Carolina Escobar Sarti
¿Quién no quiere enterrar a sus muertos? En Guatemala, la gente vela a sus muertos, les pone una luz para alumbrar el camino que sigue, les canta, los llora, les reza junto a los familiares y amigos más cercanos para darle paz a su viaje, les pone flores y los viste y adorna con sus mejores galas. Después los deja ir. En todas las culturas, los ritos y rituales mortuorios son parte de los que vamos practicando a lo largo de la vida, y nos permiten celebrar nuestros mitos. Están cargados de símbolos que le dan sentido y significado a nuestra existencia, y en realidad, son para los vivos, no para los muertos, que ya no sienten nada.Los deudos quieren asegurarse de que el cuerpo que yace frente a ellos está muerto, para que en las madrugadas no los despierten la incertidumbre y el rostro conocido preguntando “¿y si estuviera vivo?”. Pienso entonces en esa parte de nuestra historia que nos dejó 45 mil desaparecidos durante la guerra de 36 años, pienso en desapariciones como la de los 43 estudiantes de Ayotzinapa o la de Cristina Siekavizza. Pienso en los poderes que aún hoy quieren impedir que se haga justicia y en todas esas familias sin plena paz por no haber podido despedir y enterrar a los suyos, porque no saben dónde están. Imagino la zozobra de madres, abuelos, padres, abuelas, hermanos, tías, hijos e hijas que habrían querido saber la verdad y enterrar a sus muertos como se debe. Si la muerte duele una vez, la desaparición duele tres: una por la ausencia, otra por no haber podido vivir el instante de la despedida, y una más por la impotencia que se siente contra los poderes fácticos que impiden llegar a la verdad y la justicia.
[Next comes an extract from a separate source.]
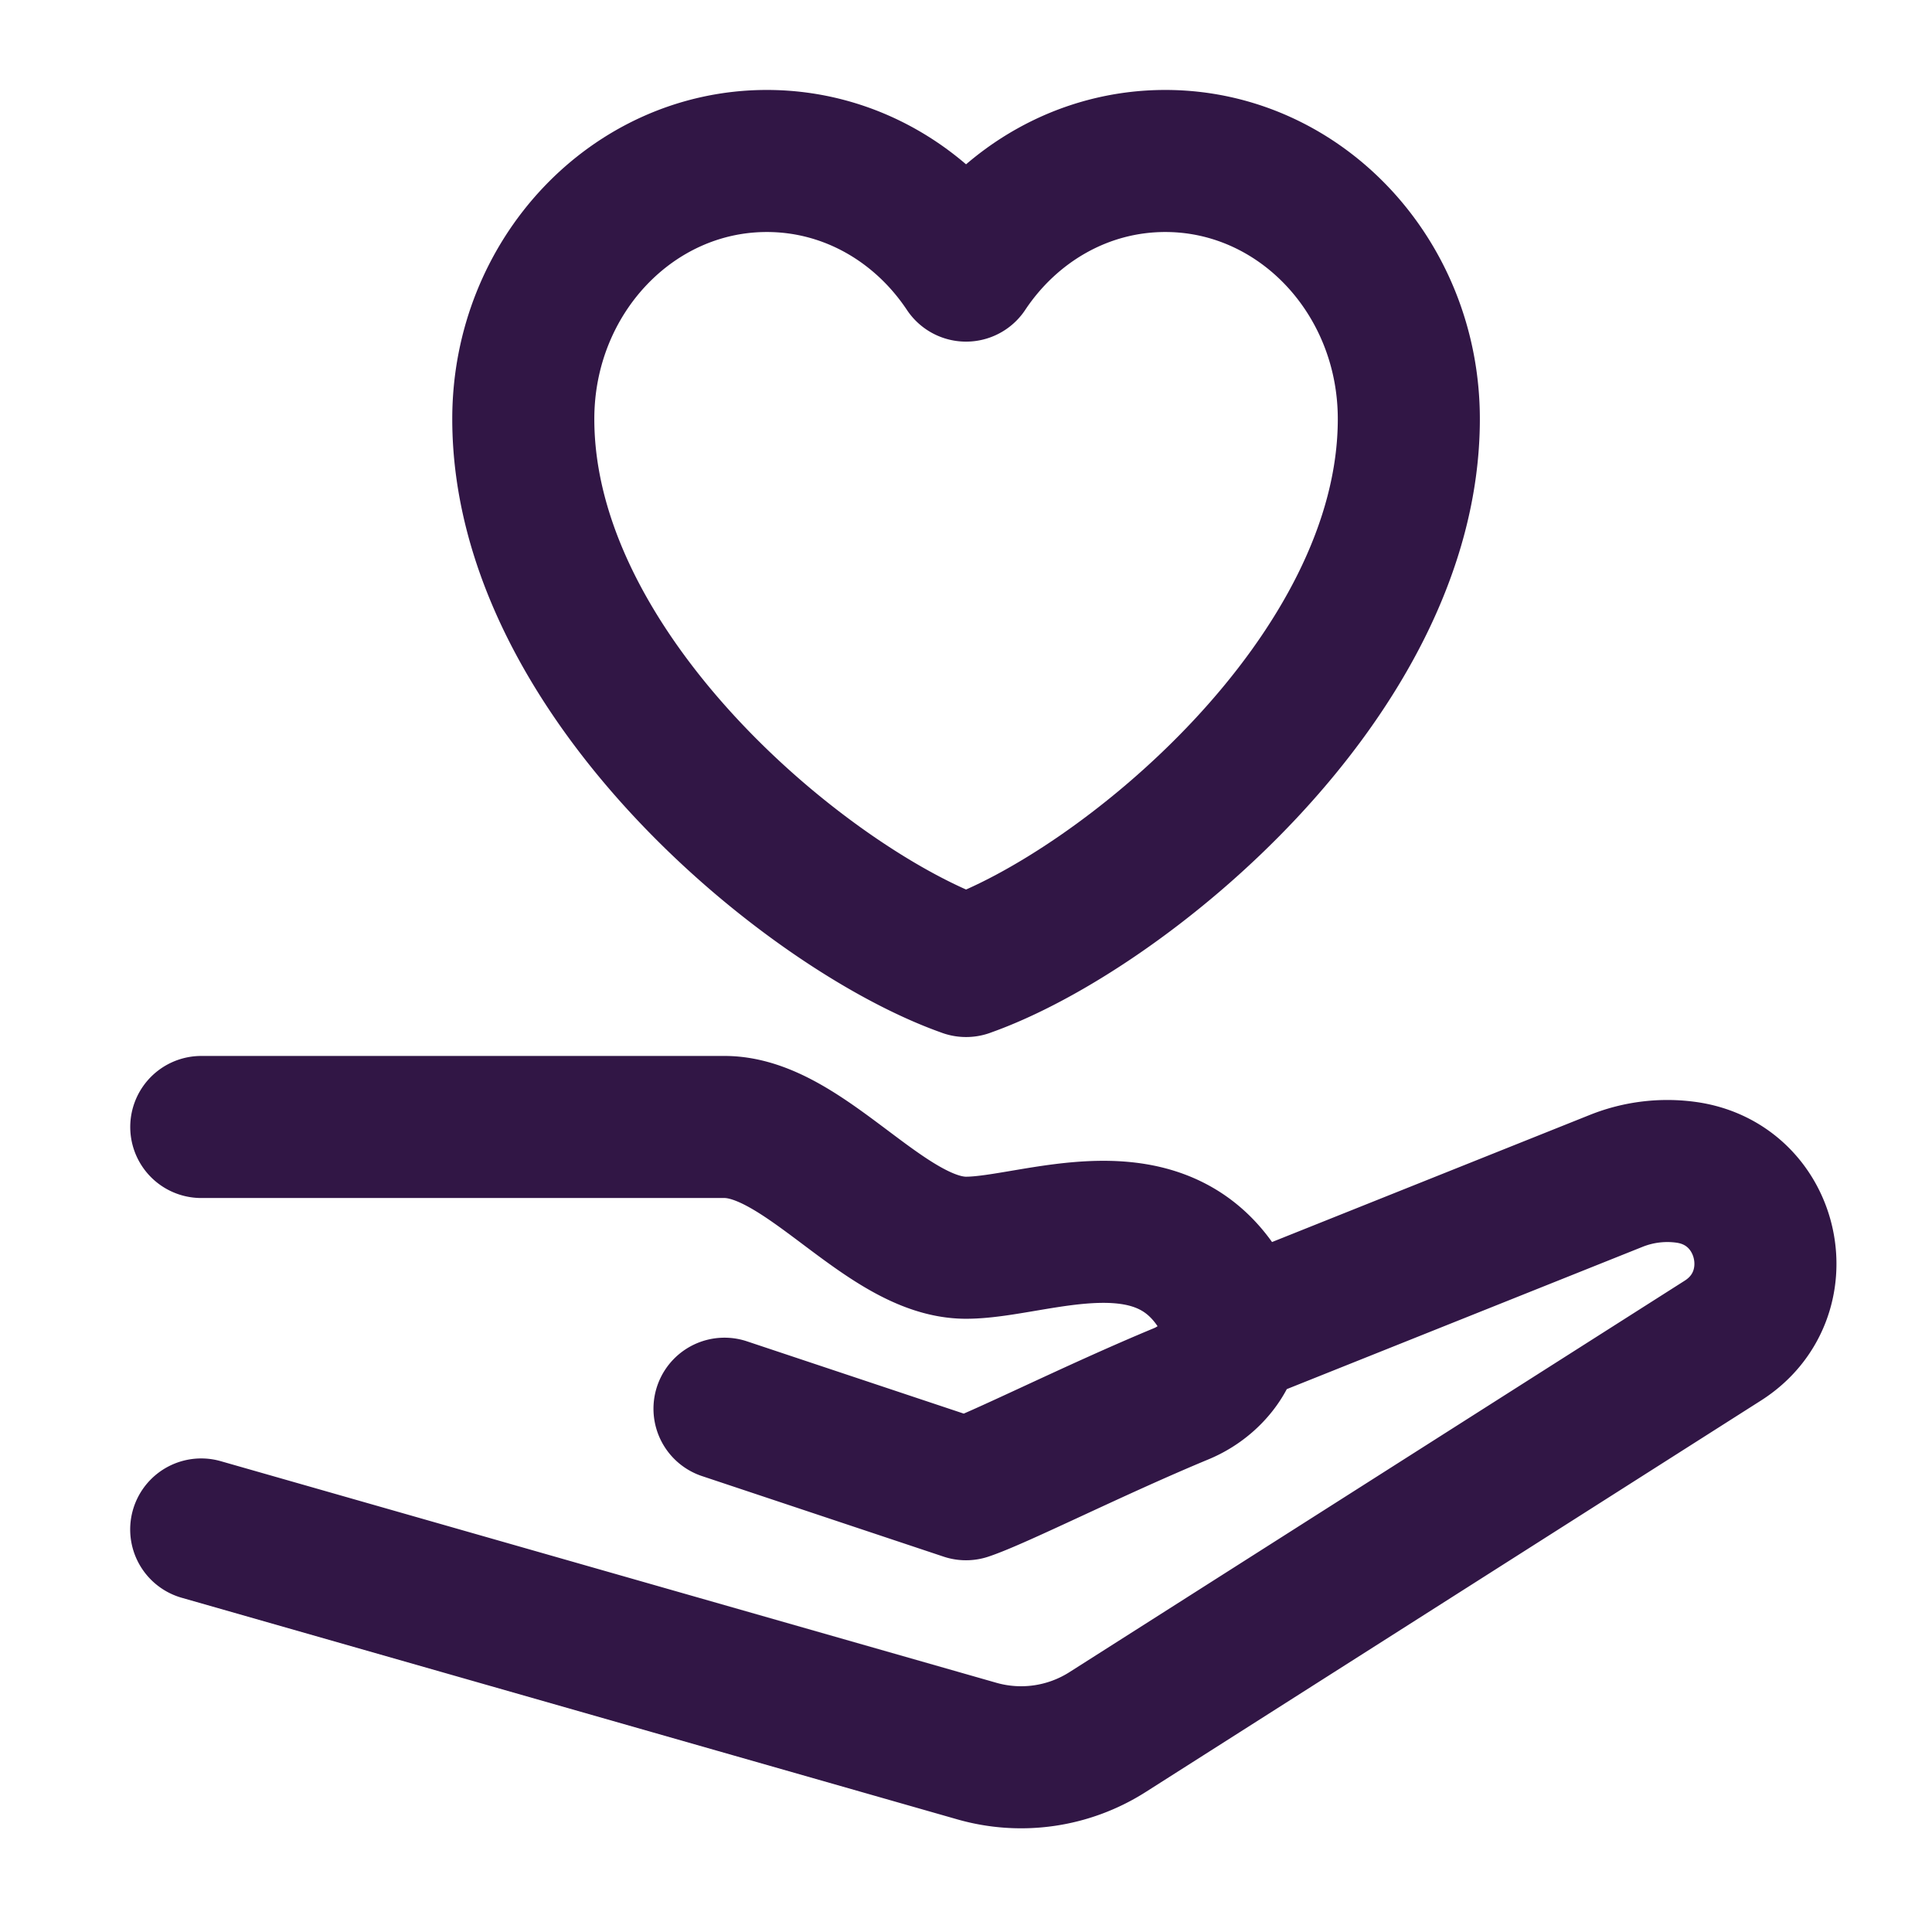 <svg xmlns="http://www.w3.org/2000/svg" width="34" height="34" fill="none"><path stroke="#311645" stroke-linecap="round" stroke-linejoin="round" stroke-width="2.5" d="M3.542 19.833h9.208c1.417 0 2.833 2.125 4.25 2.125 1.224 0 3.507-1.058 4.562.941.333.632-.112 1.354-.772 1.628-1.529.634-3.232 1.495-3.79 1.681l-4.25-1.417m9.208-1.416 6.483-2.593a2.42 2.42 0 0 1 1.241-.15c1.483.213 1.902 2.155.638 2.96l-10.829 6.89a2.833 2.833 0 0 1-2.3.334l-13.65-3.9M17.002 17c-2.728-.96-7.793-5.087-7.793-9.627 0-2.507 1.92-4.54 4.286-4.54 1.45 0 2.73.762 3.506 1.929.776-1.167 2.057-1.929 3.506-1.929 2.367 0 4.286 2.033 4.286 4.54 0 4.54-5.065 8.667-7.792 9.627Z"/></svg>

Desaparecer quiere decir esconder algo, ocultarlo, encubrirlo, quitarlo de la vista de otros rápidamente. Pero también significa dejar de existir, de ser o de estar. Exactamente eso sucedió con muchas personas desaparecidas en Guatemala. En muchos casos, no solo desaparecieron sus cuerpos, sino hasta sus partidas de nacimiento y sus documentos de identificación. Fueron borradas de la faz de la tierra para que no existieran más que en la memoria de sus deudos. Y encima quieren borrar la posibilidad de justicia. Demasiada locura. A eso le llamo yo re-desaparición. Y no se explica una cómo pueden sentirse ganadores aquellos que lo mejor que supieron hacer fue torturar, violar, asesinar y desaparecer a otros seres humanos.
Es el caso de Alejandra Sánchez, Juana Osorio, Emil Bustamante y miles más. Es el caso de Marco Antonio Molina Theissen, un niño que en 1981 tenía 14 años (ver La niñez que no fue/PL/14/01/16). Por este caso están ligados a proceso cuatro militares de alto rango en 1981: Manuel Antonio Callejas y Callejas, Francisco Luis Gordillo, Ediberto Letona Linares y Hugo Ramiro Zaldaña. Recientemente, sus abogados solicitaron que les favorecieran con la Amnistía, figura contenida en la Ley de Reconciliación Nacional. No solo podrían ser los responsables de desaparecer a este niño, si así lo sentencia la justicia, sino que además intentan robarnos la memoria, porque amnistía es olvido. El juzgado que conoce del caso negó la petición, porque la misma ley “prohíbe en su artículo 8 amnistiar a responsables de desaparición forzada, tortura o genocidio”. Son delitos que no prescriben en el tiempo. Seguro recurrirán a otras tácticas dilatorias, como el famoso amparismo que tanto daño le ha hecho al sistema de justicia en el país, pero ese es otro tema.
Justicia y venganza no son lo mismo. La venganza sería hacer lo mismo que les hicieron; la justicia es poner a disposición de la ley una petición expresa. La justicia es una señora de ojos vendados, con una balanza en la mano y una espada en la otra, lo cual quiere decir que la ley debe ser aplicada para todos por igual.